Talk about a weekend to remember! Right in the middle of the glitz and glamour of the 2025 Monaco Grand Prix, a massive piece of Formula 1 history changed hands. Michael Schumacher’s actual 2001 Monaco-winning Ferrari, the F2001 (chassis #211), sold for a jaw-dropping €15.98 million (around £13.43 million). That’s not just a lot of money – it officially makes this the most expensive Schumacher-driven car ever sold.
What made this auction extra special? It was the first time ever an F1 car went under the hammer live during a Grand Prix weekend itself. Imagine the buzz! Right before Saturday qualifying kicked off in Monaco, the auction house dropped the gavel, adding a huge dose of nostalgia to an already electric atmosphere.
Why This Ferrari is Pure Gold (Literally!)
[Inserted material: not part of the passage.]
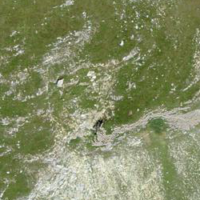
EUNIS habitat code: 26
Species observed at this site:
Arnica montana

This isn’t just any old race car gathering dust. The F2001, chassis #211, is a symbol of total dominance. Think about it: Schumi behind the wheel, the dream team of Todt, Brawn, and Byrne calling the shots at Ferrari. This machine was practically untouchable.
Its claim to fame? Conquering the tricky streets of Monte Carlo in 2001. That win was Schumacher’s fifth (and final) Monaco victory and was crucial in sealing his fourth World Championship title – his second with the Scuderia. It also helped Ferrari lock down another Constructors’ crown. Fun fact: it was also the last Ferrari to win Monaco during a championship year for the team… until Charles Leclerc finally broke that streak in 2024!
Auction Drama During Race Weekend
RM Sotheby’s, the big players in classic car auctions, handled the sale. The genius move? Timing it smack dab in the middle of the 2025 Monaco GP weekend. Selling a multi-million-euro F1 legend while the modern cars are screaming past just down the road? Pure theatre.
The final hammer price of nearly €16 million instantly rocketed this Ferrari into the history books. It’s now officially the fourth most expensive F1 car ever sold, trailing only behind legends like that record-breaking Mercedes driven by Moss and Fangio (which went for a mind-boggling £42.75 million earlier this year).
More Than Just Metal and Money
Sure, owning any F1 car is incredibly rare. But owning this one? That’s like owning a physical piece of Ferrari’s absolute peak and Schumacher’s genius.
The F2001 era marked Ferrari’s transformation from plucky challengers in the 90s to the unstoppable force of the early 2000s. That year? 9 wins for Schumi and a crushing 123 points on his way to the title. Pure, relentless brilliance.
And the car itself? A masterpiece. That screaming 3.0-litre V10 (pumping out roughly 900 horsepower!), wrapped in Ferrari’s slippery aero, and famously reliable – it was the perfect weapon for Schumacher’s pinpoint driving.
Monaco 2025: Echoes of the Past, Thrills of the Present
While everyone was buzzing about the auction, the track action was making its own history. Lando Norris grabbed his first-ever Monaco win for McLaren – their first there since Lewis Hamilton way back in 2008. He dominated from pole, while Leclerc, hoping for back-to-back wins after 2024, couldn’t quite pull it off.
It felt poetic, didn’t it? On the same weekend Norris wrote a new chapter for McLaren, a symbol of Ferrari’s past glory was making waves off-track. Classic Monaco – always mixing past and present, glamour and grit.
The Bottom Line
This sale isn’t just about the eye-watering price tag. It’s a massive tribute to F1’s enduring magic and the incredible legacy of Michael Schumacher. That it happened at Monaco, the sport’s most iconic and tradition-steeped stage, just feels right.
For anyone who loves F1 – fans, collectors, history buffs – this F2001 will forever stand as a shining beacon of Ferrari’s glory days, the sport’s technical brilliance, and the sheer dominance of Michael Schumacher. What a car. What a story.